Le sirene dello Stato imprenditore e soprattutto del modello Iri tornano ad aggirarsi sulla politica italiana – Ma è davvero questo che serve oggi al nostro Paese? Ecco cosa racconta la vera storia dell’impresa pubblica in Italia

All’Italia serve uno Stato imprenditore o uno Stato migliore?

Da qualche anno, soprattutto in Italia, per oggettive ragioni dovute all’arretramento relativo dei nostri sistemi industriale, di istruzione e ricerca, all’invecchiamento demografico, all’aumento della povertà e delle disuguaglianze soprattutto a danno delle giovani generazioni, crescono le esigenze di rafforzamento dell’intervento pubblico. Oggi esso è reso urgentissimo dalla catastrofe sanitaria ed economica legata alla pandemia da coronavirus. 

Da più voci viene però inspiegabilmente richiesta la ricostituzione dello Stato imprenditore, nell’esperienza storica italiana rappresentato dall’Iri, dall’Eni e dagli enti pubblici autonomi, notoriamente liquidati nel 1992 con la privatizzazione della grandissima parte delle imprese controllate, rimanendo tuttavia in mano al Tesoro sotto forma di Spa, le ancor oggi nostre migliori e più competitive industrie, tra cui l’ENI.

Una economista americana dal dignitoso ma non strepitoso profilo scientifico, è stata addirittura chiamata in Italia come consulente del Presidente del Consiglio Conte, proprio in quanto sostenitrice della riattualizzazione dell’esperienza dello Stato imprenditore in Italia, e specificamente del modello dell’IRI, considerando ciò condizione per la necessaria iniezione di innovazione nel sistema industriale italiano.

L’opinione politica più autorevole espressa in questi giorni è quella di Romano Prodi, avendo presieduto l’Iri tra il 1982 e il 1989 e nel 1993-94, oltre che successivamente il Consiglio dei Ministri; essendo stato dunque responsabile e artefice di una parte significativa proprio delle privatizzazioni.

Oggi, di fronte al declino italiano, all’indebolimento del progetto europeo e alla catastrofe generata dalla pandemia, Prodi si duole della lunga assenza di una politica industriale nazionale; stigmatizza il decennale dominio di una cultura e azione “neoliberista” e indirizza verso un Piano dello Stato, che contrasti la forza della finanza speculativa, dei monopoli privati, e metta l’Italia in linea con l’azione di grandi paesi europei che, come la Francia e la Germania, difendono con capitali pubblici e operazioni di reshoring i loro interessi nazionali. 
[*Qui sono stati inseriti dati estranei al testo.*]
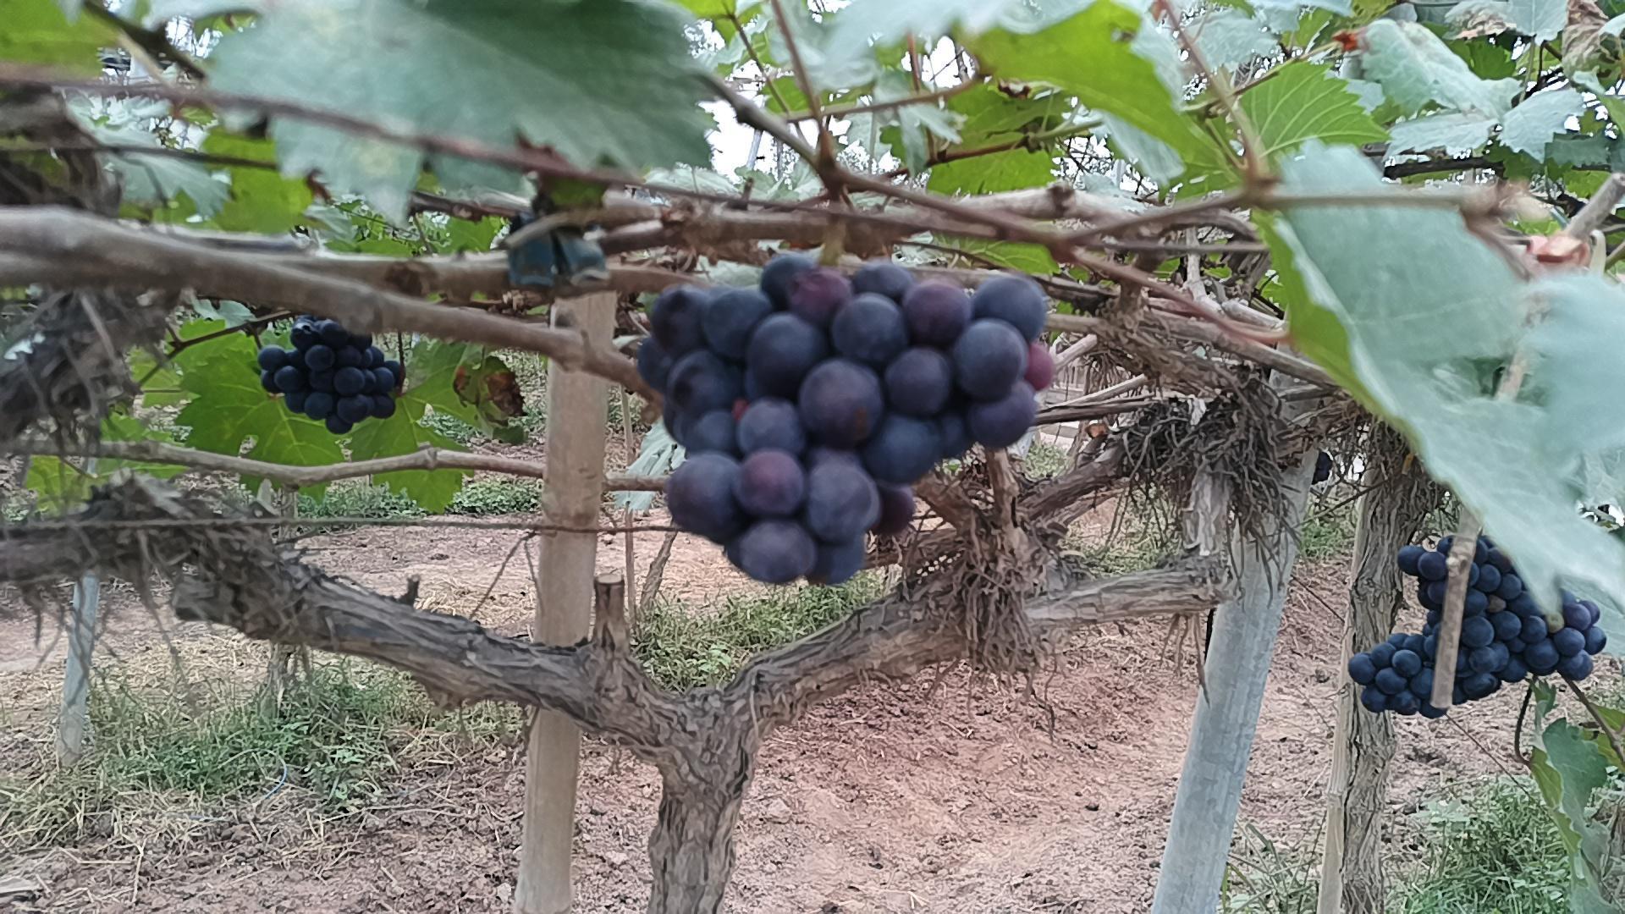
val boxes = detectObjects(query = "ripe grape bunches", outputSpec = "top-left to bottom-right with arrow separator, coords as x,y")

Il Piano dello Stato accennato da Prodi, tra i migliori rappresentanti della nostra classe dirigente nazionale ed europea, è ben articolato e complesso: insiste sull’importanza dell’edilizia e delle opere pubbliche, sottolinea la centralità della ricerca e della formazione per il rilancio dell’industria, invita alla sinergia tra i vari settori dell’economia e alla attuazione di un programma di coordinamento e innovazione con risorse pubbliche (dal credito alle partecipazioni) per un inderogabile salto di qualità della nostra dominante piccola e media impresa.

E guarda anche ad una nuova missione strategica della grande impresa pubblica. Non si tratta di rifare l’Iri, che giudica anacronistico, ma di istituire una struttura pubblica delegata non a gestire le aziende ma a sorvegliarne la gestione: o dando tale funzione alla Cassa depositi e prestiti, o istituendo una task force a livello ministeriale.  

Tra le forze politiche al governo affiorano proposte che vanno dalle “nazionalizzazioni” dei 5 Stelle, finora peraltro solo annunciate, allo “Stato oculato” proposto dal vicesegretario del Pd Andrea Orlando, che avrebbe il compito di vigilare sui consigli di amministrazione di imprese eventualmente capitalizzate.  

“Stato imprenditore o no”, che restano le ipotesi alternative, aleggia sul dibattito e sulle scelte governative di questi giorni, l’istituzione di una struttura ad hoc per l’industria pubblica (una specie di nuovo ministero delle partecipazioni statali che si presume protetto dalle contaminazioni conosciute nel passato). 

Fortunatamente una simile struttura non figura finora nelle interviste e dichiarazioni del Ministro dell’economia, giustamente impegnato a rappresentare in questo momento le difficoltà e le potenzialità di tutta l’imprenditoria italiana e a tenere le fila di un difficile equilibrio di governo che non aiuta le trattative in corso in sede Ue per affrontare la recessione.  

Il fatto è che nei casi ricordati, come tra le forze di governo, la scelta in discussione risponde quasi sempre ad una visione ostile all’impresa privata prima che all’esigenza di rigenerare il sistema economico-industriale italiano; rischia pertanto non solo di indebolirlo, ma persino di depotenziare le poche grandi industrie e strutture finanziarie che, solidamente in mano allo Stato, e senza sovrastrutture politiche di indirizzo e coordinamento, ne costituiscono oggi i maggiori punti di forza. 

Perché lo Stato eserciti il proprio intrinseco ruolo di coordinamento, di indirizzo e di intervento diretto o indiretto in ogni settore, continuano ad essere fondamentali la qualità delle politiche, tra cui la politica industriale – oggi non c’è neanche il Ministero dell’Industria- e la qualità ed efficienza della pubblica amministrazione. Lo dimostrano vistosamente anche le attuali difficoltà nella gestione dell’emergenza sanitaria e nell’erogazione degli aiuti economici alle imprese e al lavoro soffocati dal lockdown.

E’ indiscutibile che di fronte alla gravità della catastrofe generata da un virus ancora sconosciuto, urga il massimo dell’intelligenza dell’azione pubblica, la quale, per essere tale, deve necessariamente fondarsi sul massimo della condivisione possibile e spogliarsi da ogni impostazione particolaristica o da nostalgie ideologiche. Per questo vanno fissati alcuni paletti nella memoria e nella consapevolezza storica.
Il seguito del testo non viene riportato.